>>>>

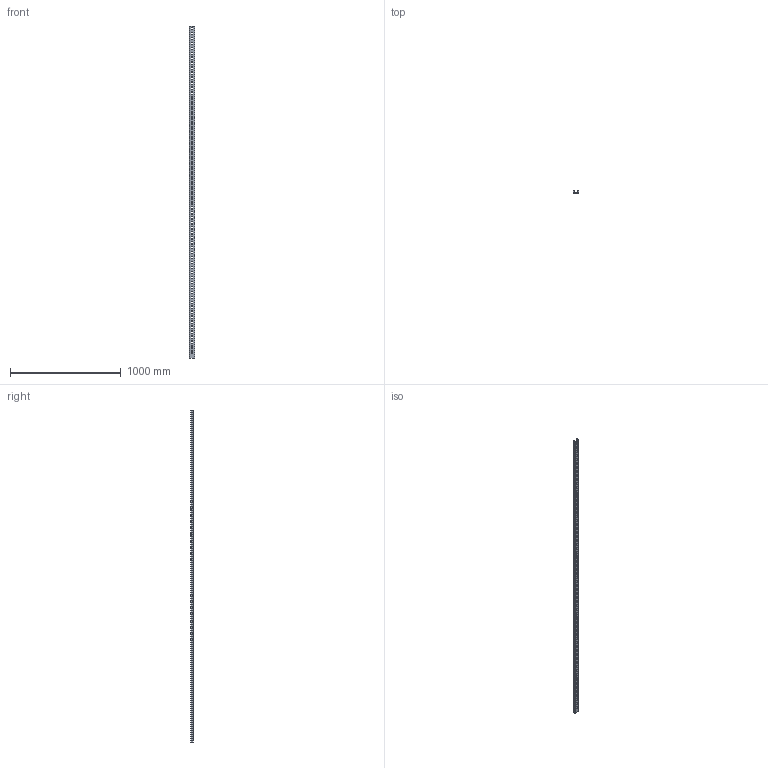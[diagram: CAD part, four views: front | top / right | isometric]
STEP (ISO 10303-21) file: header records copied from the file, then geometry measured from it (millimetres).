
FILE_DESCRIPTION (( 'STEP AP203' ), '1' );
FILE_NAME ('01-02-1085.STEP', '2013-05-06T06:06:12', ( 'asennus' ), ( '' ), 'SwSTEP 2.0', 'SolidWorks 2013', '' );
FILE_SCHEMA (( 'CONFIG_CONTROL_DESIGN' ));
Length unit declared in the file: millimetre
Products named in the file (1): 01-02-1085
Bounding box: 48 x 26 x 3000 mm (x, y, z)
Volume: 676773.6 mm3; surface area: 697504.3 mm2
Topology: 1 solids, 1 shells, 384 faces, 1098 edges, 716 vertices
Faces by surface type: cylinder 210, plane 174
Entity records: 12959 total; most frequent: DIRECTION 2288, CARTESIAN_POINT 2199, ORIENTED_EDGE 2196, EDGE_CURVE 1098, AXIS2_PLACEMENT_3D 805, VERTEX_POINT 716, VECTOR 678, LINE 678
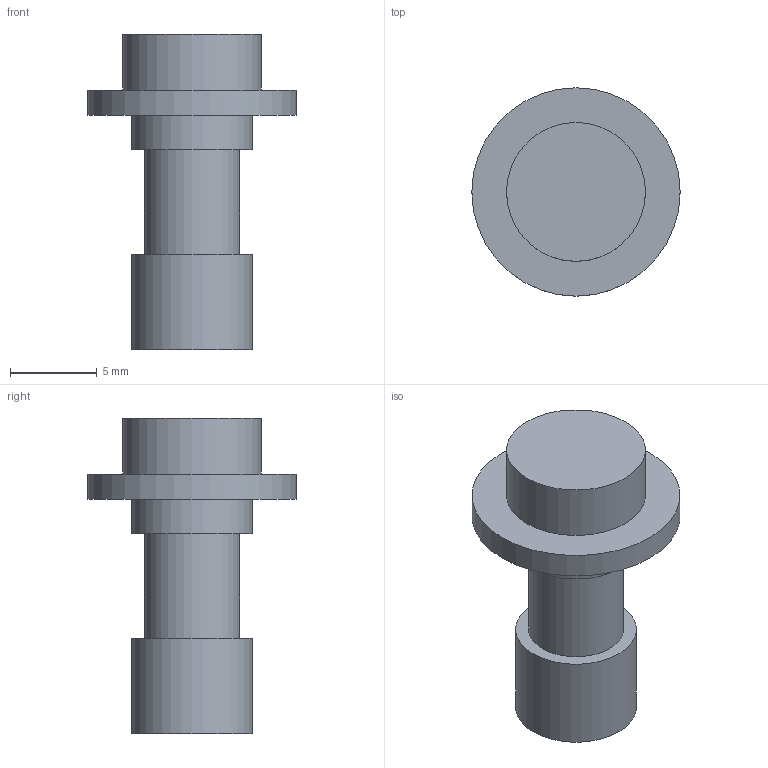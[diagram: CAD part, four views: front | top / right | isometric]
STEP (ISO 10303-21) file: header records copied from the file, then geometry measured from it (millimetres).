
FILE_DESCRIPTION(/* description */ (''),/* implementation_level */ '2;1');
FILE_NAME(/* name */ 'Sonde rhéo v1.step',/* time_stamp */ '2022-05-05T15:38:57+02:00',/* author */ (''),/* organization */ (''),/* preprocessor_version */ 'ST-DEVELOPER v18.1',/* originating_system */ 'Autodesk Translation Framework v10.14.0.1471',/* authorisation */ '');
FILE_SCHEMA (('AUTOMOTIVE_DESIGN { 1 0 10303 214 3 1 1 }'));
Length unit declared in the file: millimetre
Products named in the file (1): Sonde rhéo
Bounding box: 12 x 12 x 18.15 mm (x, y, z)
Volume: 752.5 mm3; surface area: 657.9 mm2
Topology: 1 solids, 1 shells, 11 faces, 15 edges, 10 vertices
Faces by surface type: plane 6, cylinder 5
Full cylindrical faces by diameter (mm): 5.48 x1, 6.97 x2, 8 x1, 12 x1
Entity records: 272 total; most frequent: DIRECTION 49, CARTESIAN_POINT 37, ORIENTED_EDGE 30, AXIS2_PLACEMENT_3D 22, EDGE_LOOP 15, EDGE_CURVE 15, FACE_OUTER_BOUND 11, ADVANCED_FACE 11

<<<<

## WORK TO COMPLETE
When repeating the listing, keep each line exact and exclude the pictures.

## RESPONSE TO THE EXERCISE
[diagram: CAD part, four views: front | top / right | isometric]
STEP (ISO 10303-21) file: header records copied from the file, then geometry measured from it (millimetres).
FILE_DESCRIPTION (( 'STEP AP203' ), '1' );
FILE_NAME ('01-02-1085.STEP', '2013-05-06T06:06:12', ( 'asennus' ), ( '' ), 'SwSTEP 2.0', 'SolidWorks 2013', '' );
FILE_SCHEMA (( 'CONFIG_CONTROL_DESIGN' ));
Length unit declared in the file: millimetre
Products named in the file (1): 01-02-1085
Bounding box: 48 x 26 x 3000 mm (x, y, z)
Volume: 676773.6 mm3; surface area: 697504.3 mm2
Topology: 1 solids, 1 shells, 384 faces, 1098 edges, 716 vertices
Faces by surface type: cylinder 210, plane 174
Entity records: 12959 total; most frequent: DIRECTION 2288, CARTESIAN_POINT 2199, ORIENTED_EDGE 2196, EDGE_CURVE 1098, AXIS2_PLACEMENT_3D 805, VERTEX_POINT 716, VECTOR 678, LINE 678
[diagram: CAD part, four views: front | top / right | isometric]
STEP (ISO 10303-21) file: header records copied from the file, then geometry measured from it (millimetres).
FILE_DESCRIPTION(/* description */ (''),/* implementation_level */ '2;1');
FILE_NAME(/* name */ 'Sonde rhéo v1.step',/* time_stamp */ '2022-05-05T15:38:57+02:00',/* author */ (''),/* organization */ (''),/* preprocessor_version */ 'ST-DEVELOPER v18.1',/* originating_system */ 'Autodesk Translation Framework v10.14.0.1471',/* authorisation */ '');
FILE_SCHEMA (('AUTOMOTIVE_DESIGN { 1 0 10303 214 3 1 1 }'));
Length unit declared in the file: millimetre
Products named in the file (1): Sonde rhéo
Bounding box: 12 x 12 x 18.15 mm (x, y, z)
Volume: 752.5 mm3; surface area: 657.9 mm2
Topology: 1 solids, 1 shells, 11 faces, 15 edges, 10 vertices
Faces by surface type: plane 6, cylinder 5
Full cylindrical faces by diameter (mm): 5.48 x1, 6.97 x2, 8 x1, 12 x1
Entity records: 272 total; most frequent: DIRECTION 49, CARTESIAN_POINT 37, ORIENTED_EDGE 30, AXIS2_PLACEMENT_3D 22, EDGE_LOOP 15, EDGE_CURVE 15, FACE_OUTER_BOUND 11, ADVANCED_FACE 11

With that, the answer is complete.